Biostatistics For Dummies (Monika Wahi John Pezzullo)

Beware of the complete separation problem

Imagine your logistic regression model perfectly predicted the outcome, in that every individual

positive for the outcome had a predicted probability of 1.0, and every individual negative for the

outcome had a 0 predicted probability. This is called perfect separation or complete separation, and

the problem is called the perfect predictor problem. This is a nasty and surprisingly frequent problem

that’s unique to logistic regression, which highlights the sad fact that a logistic regression model will

fail to converge in the software if the model fits perfectly!

If the predictor variable or variables in your model completely separate the yes outcomes

from the no outcomes, the maximum likelihood method will try to make the coefficient of that

variable infinite, which usually causes an error in the software. If the coefficient is positive, the

OR tries to be infinity, and if it is negative, it tries to be 0. The SE of the OR tries to be infinite,

too. This may cause your CI to have a lower limit of 0, an upper limit of infinity, or both.

Check out Figure 18-8, which visually describes the problem. The regression is trying to make the

curve come as close as possible to all the data points. Usually it has to strike a compromise, because

there’s a mixture of 1s and 0s, especially in the middle of the data. But with perfectly separated data,

no compromise is necessary. As b becomes infinitely large, the logistic function morphs into a step

function that touches all the data points (observe where b = 5).

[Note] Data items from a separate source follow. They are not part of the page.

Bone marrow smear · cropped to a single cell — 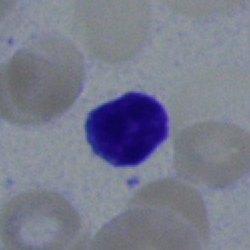This is a lymphocyte.
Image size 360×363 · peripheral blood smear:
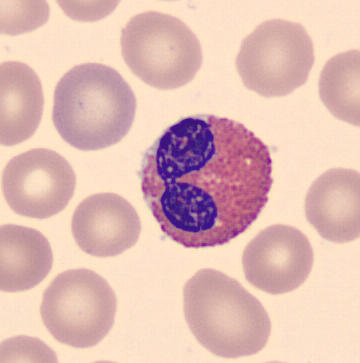

Morphology → eosinophil.
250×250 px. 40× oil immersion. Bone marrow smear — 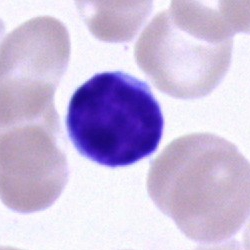

Cell — typical lymphocyte.
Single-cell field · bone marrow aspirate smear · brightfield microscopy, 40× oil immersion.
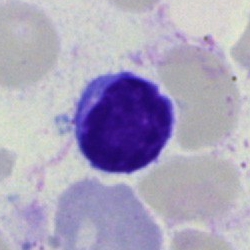 Morphology consistent with a typical lymphocyte.
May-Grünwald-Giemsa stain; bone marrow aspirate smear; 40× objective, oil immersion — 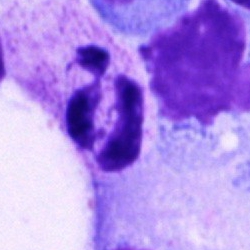
Cell = segmented neutrophil.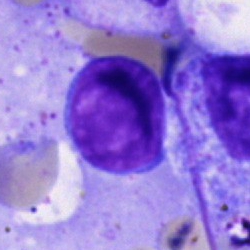 A lymphocyte on a bone marrow smear.
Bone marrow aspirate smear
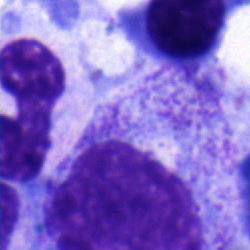Morphology consistent with a stab cell.
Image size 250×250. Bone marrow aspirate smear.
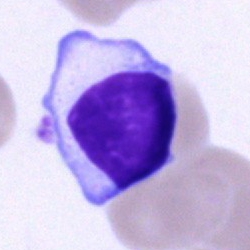 Impression → typical lymphocyte.
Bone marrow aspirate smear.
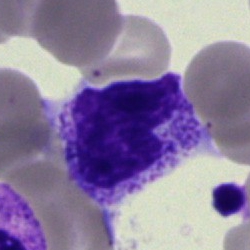
Morphological class: metamyelocyte.
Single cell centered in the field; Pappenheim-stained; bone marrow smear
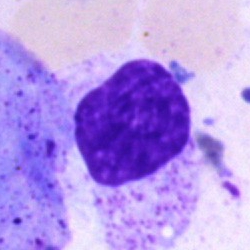
Classification — artifact.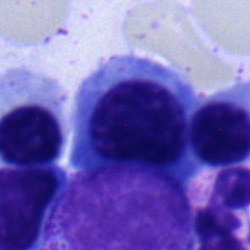

The morphological class is lymphocyte.
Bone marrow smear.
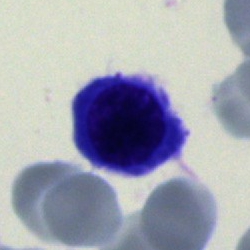Specimen: bone marrow aspirate smear.
Morphological class: unidentifiable cell.
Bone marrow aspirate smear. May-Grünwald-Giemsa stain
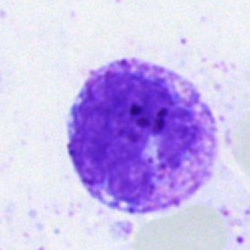Specimen: bone marrow smear.
Classification: basophil.
Lineage: myeloid.
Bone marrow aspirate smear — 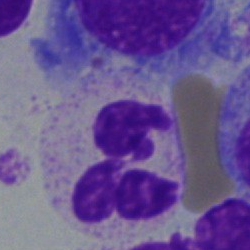

Segmented neutrophil.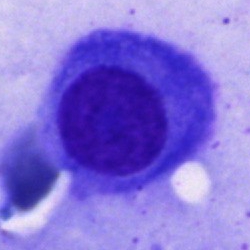

A plasma cell.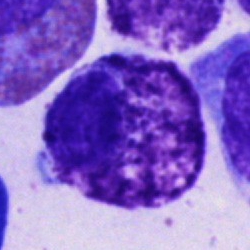

Cell = other cell type.
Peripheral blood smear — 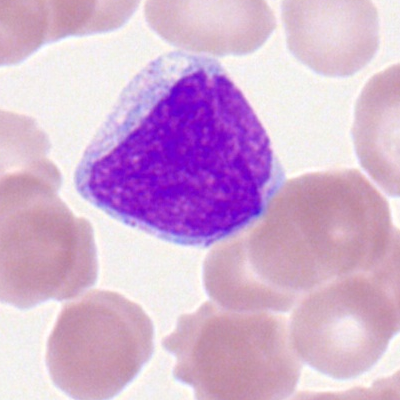

This is a myeloid blast.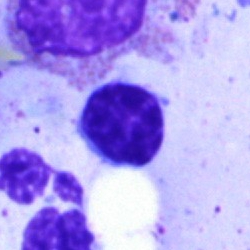

{"cell_type": "lymphocyte", "lineage": "lymphoid"}

While it is relatively easy to identify if there is a perfect predictor in your data set by looking

at frequencies, you may run into the perfect predictor problem as a result of a combination of

predictors in your model. Unfortunately, there aren’t any great solutions to this problem. One

proposed solution called the Firth correction allows you to add a small number roughly

equivalent to half an observation to the data set that will disrupt the complete separation. If you

can do this correction in your software, it will produce output, but the results will likely be

unstable (very near 0, or very near infinity). The approach of trying to fix the model by changing

the predictors would not make sense, since the model fits perfectly. You may be forced to

abandon your logistic regression plans and instead provide a descriptive analysis.